◆ Work request
Going through the data below, copy out each line where the word "xlink" shows up.

◆ Extracted records
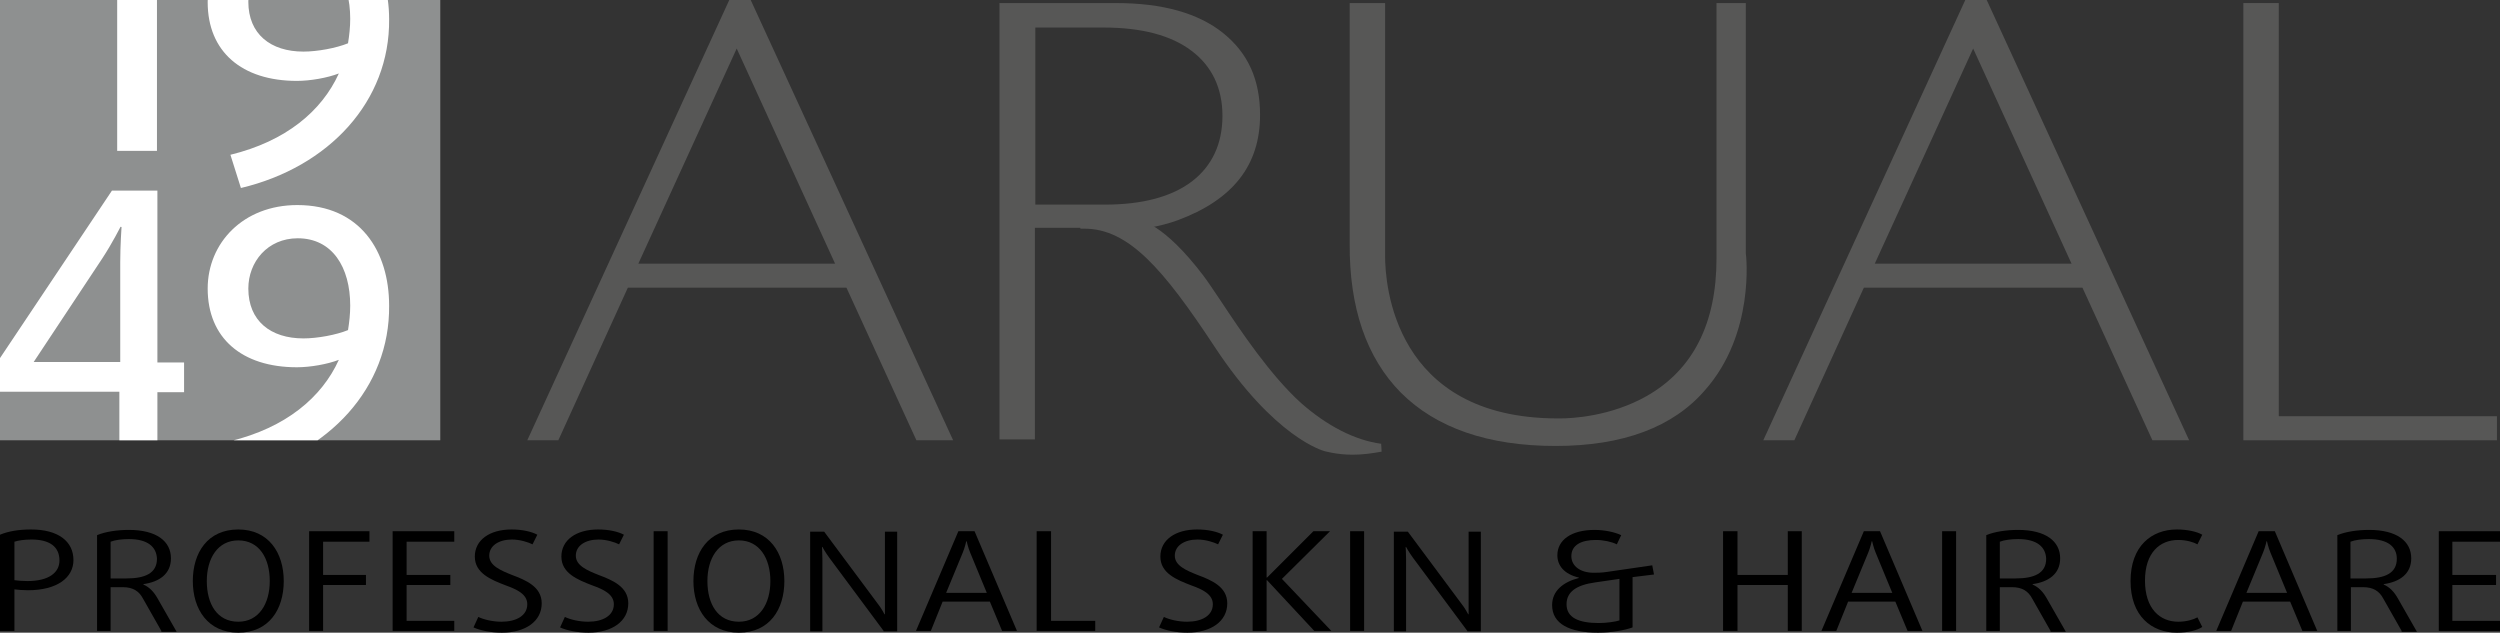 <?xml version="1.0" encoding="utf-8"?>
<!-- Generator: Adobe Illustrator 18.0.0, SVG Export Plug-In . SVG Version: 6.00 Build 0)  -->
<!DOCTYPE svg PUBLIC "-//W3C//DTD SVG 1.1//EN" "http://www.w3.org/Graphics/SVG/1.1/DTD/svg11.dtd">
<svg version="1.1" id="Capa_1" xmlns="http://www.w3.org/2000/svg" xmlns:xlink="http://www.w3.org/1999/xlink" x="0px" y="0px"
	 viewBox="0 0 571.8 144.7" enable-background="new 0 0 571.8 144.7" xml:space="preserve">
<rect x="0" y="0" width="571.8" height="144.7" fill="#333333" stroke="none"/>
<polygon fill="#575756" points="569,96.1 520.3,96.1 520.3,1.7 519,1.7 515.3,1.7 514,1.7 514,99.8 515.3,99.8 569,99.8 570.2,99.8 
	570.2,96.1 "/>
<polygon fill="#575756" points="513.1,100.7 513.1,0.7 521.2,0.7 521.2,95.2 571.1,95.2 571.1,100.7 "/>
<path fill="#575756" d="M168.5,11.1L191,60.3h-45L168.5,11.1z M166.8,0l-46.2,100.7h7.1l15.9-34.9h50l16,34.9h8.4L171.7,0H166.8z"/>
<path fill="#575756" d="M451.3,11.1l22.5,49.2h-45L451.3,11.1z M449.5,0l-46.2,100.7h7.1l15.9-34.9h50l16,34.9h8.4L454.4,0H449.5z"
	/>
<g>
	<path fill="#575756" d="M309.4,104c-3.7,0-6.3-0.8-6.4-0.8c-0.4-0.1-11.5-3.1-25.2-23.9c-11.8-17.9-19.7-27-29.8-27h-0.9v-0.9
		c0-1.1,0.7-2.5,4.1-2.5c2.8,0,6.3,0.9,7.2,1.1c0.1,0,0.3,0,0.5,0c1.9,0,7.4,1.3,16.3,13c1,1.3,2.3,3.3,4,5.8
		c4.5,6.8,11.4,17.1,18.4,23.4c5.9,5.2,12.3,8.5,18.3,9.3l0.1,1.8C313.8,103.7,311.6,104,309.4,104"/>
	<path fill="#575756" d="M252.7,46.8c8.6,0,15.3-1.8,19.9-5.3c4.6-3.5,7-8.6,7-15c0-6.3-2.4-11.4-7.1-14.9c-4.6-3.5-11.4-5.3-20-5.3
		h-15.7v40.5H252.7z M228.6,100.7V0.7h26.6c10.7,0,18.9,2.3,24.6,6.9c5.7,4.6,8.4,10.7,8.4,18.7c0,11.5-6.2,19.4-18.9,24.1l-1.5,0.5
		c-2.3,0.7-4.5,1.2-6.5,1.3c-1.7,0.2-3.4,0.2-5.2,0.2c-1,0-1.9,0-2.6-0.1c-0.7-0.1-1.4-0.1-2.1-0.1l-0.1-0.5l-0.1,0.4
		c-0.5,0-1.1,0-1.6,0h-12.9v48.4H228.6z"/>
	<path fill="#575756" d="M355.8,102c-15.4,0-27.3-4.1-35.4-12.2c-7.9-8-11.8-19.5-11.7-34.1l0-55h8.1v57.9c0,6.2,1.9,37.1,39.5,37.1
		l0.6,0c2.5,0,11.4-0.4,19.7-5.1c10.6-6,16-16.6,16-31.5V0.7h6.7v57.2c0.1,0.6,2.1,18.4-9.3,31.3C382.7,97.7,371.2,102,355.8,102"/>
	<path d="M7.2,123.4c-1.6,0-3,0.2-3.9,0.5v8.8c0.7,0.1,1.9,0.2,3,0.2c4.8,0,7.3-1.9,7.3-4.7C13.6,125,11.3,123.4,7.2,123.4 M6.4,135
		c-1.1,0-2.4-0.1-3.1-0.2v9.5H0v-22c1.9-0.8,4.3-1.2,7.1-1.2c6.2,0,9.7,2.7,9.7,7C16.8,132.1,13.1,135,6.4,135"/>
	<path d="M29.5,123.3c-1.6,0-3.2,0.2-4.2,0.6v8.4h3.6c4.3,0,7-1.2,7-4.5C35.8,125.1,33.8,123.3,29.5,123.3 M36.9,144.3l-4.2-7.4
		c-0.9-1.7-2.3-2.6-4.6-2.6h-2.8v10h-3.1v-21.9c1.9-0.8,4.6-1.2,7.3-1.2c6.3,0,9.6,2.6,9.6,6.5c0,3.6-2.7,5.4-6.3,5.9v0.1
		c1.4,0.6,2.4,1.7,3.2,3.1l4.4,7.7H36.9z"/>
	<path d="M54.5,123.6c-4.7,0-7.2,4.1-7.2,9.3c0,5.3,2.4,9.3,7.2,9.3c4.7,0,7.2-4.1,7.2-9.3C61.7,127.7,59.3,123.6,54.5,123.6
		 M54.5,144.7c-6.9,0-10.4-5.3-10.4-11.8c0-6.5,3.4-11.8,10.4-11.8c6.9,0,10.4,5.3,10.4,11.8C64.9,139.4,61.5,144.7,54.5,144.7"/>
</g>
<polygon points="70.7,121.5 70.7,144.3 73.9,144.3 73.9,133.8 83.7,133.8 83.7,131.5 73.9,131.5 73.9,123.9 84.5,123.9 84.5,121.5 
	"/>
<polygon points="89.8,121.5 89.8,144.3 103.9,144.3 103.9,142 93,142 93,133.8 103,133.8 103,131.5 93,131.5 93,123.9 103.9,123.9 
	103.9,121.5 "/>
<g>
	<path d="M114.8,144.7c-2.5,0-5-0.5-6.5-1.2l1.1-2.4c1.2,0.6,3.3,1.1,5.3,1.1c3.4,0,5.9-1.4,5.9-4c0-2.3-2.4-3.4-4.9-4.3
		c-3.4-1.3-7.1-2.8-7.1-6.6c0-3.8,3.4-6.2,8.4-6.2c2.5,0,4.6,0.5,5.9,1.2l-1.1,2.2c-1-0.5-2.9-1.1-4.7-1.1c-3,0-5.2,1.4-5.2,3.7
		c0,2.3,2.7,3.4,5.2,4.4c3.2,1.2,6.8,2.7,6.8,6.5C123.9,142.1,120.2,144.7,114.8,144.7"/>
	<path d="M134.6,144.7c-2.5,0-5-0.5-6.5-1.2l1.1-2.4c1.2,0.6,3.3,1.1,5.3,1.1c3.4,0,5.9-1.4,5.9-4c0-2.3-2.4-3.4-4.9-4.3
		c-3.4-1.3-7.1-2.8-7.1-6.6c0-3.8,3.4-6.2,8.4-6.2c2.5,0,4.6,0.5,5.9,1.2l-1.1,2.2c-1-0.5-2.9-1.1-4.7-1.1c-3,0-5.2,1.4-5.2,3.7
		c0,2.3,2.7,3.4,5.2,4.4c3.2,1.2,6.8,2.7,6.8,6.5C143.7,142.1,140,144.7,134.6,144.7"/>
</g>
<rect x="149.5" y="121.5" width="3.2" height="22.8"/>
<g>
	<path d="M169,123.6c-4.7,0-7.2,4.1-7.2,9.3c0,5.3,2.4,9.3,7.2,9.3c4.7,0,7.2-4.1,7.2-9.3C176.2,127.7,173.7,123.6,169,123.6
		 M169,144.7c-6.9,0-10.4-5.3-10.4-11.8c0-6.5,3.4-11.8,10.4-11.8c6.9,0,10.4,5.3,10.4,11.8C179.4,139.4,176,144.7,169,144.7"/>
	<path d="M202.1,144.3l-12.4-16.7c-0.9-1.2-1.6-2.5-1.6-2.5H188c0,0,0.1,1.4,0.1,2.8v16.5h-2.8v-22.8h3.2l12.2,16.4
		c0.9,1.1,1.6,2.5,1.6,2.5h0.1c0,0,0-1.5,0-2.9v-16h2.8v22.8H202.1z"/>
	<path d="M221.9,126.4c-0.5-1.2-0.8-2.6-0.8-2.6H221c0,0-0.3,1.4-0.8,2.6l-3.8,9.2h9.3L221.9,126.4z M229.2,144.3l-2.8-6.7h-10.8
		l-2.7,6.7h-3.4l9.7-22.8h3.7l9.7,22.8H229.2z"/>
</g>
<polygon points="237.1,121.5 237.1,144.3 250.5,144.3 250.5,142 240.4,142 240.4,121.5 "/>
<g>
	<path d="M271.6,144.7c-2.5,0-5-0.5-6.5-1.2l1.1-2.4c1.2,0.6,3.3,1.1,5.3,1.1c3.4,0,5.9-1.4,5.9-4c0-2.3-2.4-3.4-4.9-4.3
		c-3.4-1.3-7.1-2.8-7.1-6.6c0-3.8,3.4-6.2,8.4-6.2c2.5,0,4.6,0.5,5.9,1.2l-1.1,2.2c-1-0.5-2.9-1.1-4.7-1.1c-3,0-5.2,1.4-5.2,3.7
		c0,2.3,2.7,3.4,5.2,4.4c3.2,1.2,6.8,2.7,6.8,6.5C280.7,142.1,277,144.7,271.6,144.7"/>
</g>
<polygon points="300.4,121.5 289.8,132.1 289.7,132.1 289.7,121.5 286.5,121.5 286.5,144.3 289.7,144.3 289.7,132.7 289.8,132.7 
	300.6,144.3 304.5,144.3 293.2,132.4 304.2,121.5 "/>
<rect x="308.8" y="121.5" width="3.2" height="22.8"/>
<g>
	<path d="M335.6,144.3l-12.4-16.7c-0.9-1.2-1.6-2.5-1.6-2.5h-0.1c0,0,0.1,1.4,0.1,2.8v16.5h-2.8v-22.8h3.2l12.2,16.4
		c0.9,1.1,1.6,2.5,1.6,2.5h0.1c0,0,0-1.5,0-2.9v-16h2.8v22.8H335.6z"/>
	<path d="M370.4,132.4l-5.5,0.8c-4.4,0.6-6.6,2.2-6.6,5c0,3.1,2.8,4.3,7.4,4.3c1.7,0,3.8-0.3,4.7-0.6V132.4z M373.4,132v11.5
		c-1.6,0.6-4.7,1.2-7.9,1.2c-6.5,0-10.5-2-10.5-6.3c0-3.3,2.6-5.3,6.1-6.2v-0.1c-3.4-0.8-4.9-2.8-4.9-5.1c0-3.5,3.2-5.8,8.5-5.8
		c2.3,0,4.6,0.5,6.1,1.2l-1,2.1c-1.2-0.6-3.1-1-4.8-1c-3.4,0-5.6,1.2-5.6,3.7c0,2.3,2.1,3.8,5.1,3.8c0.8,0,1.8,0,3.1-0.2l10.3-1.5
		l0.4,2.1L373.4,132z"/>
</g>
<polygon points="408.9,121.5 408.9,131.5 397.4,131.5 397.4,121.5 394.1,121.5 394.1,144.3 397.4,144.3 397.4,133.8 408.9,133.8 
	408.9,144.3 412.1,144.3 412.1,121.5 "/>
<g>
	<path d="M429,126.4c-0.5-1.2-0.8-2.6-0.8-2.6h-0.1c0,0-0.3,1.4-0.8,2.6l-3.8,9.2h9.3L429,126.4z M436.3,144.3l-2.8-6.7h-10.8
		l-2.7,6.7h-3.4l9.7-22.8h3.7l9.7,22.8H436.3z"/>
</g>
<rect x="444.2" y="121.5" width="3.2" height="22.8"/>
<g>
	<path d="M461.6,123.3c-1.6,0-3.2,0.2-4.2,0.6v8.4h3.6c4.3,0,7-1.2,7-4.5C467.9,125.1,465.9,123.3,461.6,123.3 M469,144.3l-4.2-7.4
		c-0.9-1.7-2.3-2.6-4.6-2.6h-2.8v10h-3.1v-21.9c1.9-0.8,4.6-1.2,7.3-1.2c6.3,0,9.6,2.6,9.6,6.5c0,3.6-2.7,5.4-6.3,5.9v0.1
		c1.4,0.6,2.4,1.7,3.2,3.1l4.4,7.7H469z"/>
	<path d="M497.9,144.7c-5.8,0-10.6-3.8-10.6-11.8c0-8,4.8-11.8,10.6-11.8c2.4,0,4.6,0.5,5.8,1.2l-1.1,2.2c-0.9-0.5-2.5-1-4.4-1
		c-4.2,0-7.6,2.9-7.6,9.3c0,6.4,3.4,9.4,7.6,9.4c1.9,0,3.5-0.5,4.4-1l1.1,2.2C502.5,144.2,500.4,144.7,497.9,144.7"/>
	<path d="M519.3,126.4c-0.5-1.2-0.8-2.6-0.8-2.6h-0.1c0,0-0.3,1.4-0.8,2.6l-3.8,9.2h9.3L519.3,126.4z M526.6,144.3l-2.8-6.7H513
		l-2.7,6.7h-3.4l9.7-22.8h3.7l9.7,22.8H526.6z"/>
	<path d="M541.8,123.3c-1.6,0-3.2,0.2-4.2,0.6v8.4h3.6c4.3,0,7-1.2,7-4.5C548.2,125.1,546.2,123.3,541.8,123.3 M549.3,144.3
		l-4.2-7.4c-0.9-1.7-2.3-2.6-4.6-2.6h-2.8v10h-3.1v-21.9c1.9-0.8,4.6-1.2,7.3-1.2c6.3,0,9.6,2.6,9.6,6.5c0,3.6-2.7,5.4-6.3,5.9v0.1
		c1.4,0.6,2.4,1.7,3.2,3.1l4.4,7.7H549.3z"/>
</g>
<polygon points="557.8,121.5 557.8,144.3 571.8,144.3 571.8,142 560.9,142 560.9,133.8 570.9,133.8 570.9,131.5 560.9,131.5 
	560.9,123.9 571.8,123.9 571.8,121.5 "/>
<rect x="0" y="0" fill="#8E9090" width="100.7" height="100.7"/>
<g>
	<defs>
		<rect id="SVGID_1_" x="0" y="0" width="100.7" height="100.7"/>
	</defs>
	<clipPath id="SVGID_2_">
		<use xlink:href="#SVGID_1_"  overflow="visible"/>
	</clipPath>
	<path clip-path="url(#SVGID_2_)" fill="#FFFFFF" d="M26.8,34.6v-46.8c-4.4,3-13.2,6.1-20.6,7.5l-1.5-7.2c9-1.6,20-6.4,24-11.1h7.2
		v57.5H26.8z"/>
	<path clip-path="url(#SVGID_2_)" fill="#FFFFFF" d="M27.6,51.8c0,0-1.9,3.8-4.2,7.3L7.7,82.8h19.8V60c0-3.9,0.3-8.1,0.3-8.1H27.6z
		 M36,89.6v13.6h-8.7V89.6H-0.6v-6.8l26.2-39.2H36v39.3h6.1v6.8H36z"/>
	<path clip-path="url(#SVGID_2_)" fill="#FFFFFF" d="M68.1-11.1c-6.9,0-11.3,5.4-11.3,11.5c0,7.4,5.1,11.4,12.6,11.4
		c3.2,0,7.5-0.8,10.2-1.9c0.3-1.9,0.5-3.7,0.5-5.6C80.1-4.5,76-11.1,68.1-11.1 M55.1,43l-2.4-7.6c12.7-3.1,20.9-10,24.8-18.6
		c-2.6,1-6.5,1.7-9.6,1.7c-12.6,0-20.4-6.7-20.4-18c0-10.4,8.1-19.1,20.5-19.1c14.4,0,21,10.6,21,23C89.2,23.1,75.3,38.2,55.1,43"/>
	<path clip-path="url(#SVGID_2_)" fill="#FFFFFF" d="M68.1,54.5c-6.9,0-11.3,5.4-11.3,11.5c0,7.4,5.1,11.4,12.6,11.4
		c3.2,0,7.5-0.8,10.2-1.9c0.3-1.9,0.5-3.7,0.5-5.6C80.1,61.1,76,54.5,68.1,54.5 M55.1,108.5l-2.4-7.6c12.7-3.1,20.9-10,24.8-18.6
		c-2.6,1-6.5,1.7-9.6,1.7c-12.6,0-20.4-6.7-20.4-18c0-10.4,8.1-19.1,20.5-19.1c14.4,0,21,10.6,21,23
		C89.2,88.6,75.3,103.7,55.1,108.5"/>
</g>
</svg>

◆ Response box
<svg version="1.1" id="Capa_1" xmlns="http://www.w3.org/2000/svg" xmlns:xlink="http://www.w3.org/1999/xlink" x="0px" y="0px"
		<use xlink:href="#SVGID_1_"  overflow="visible"/>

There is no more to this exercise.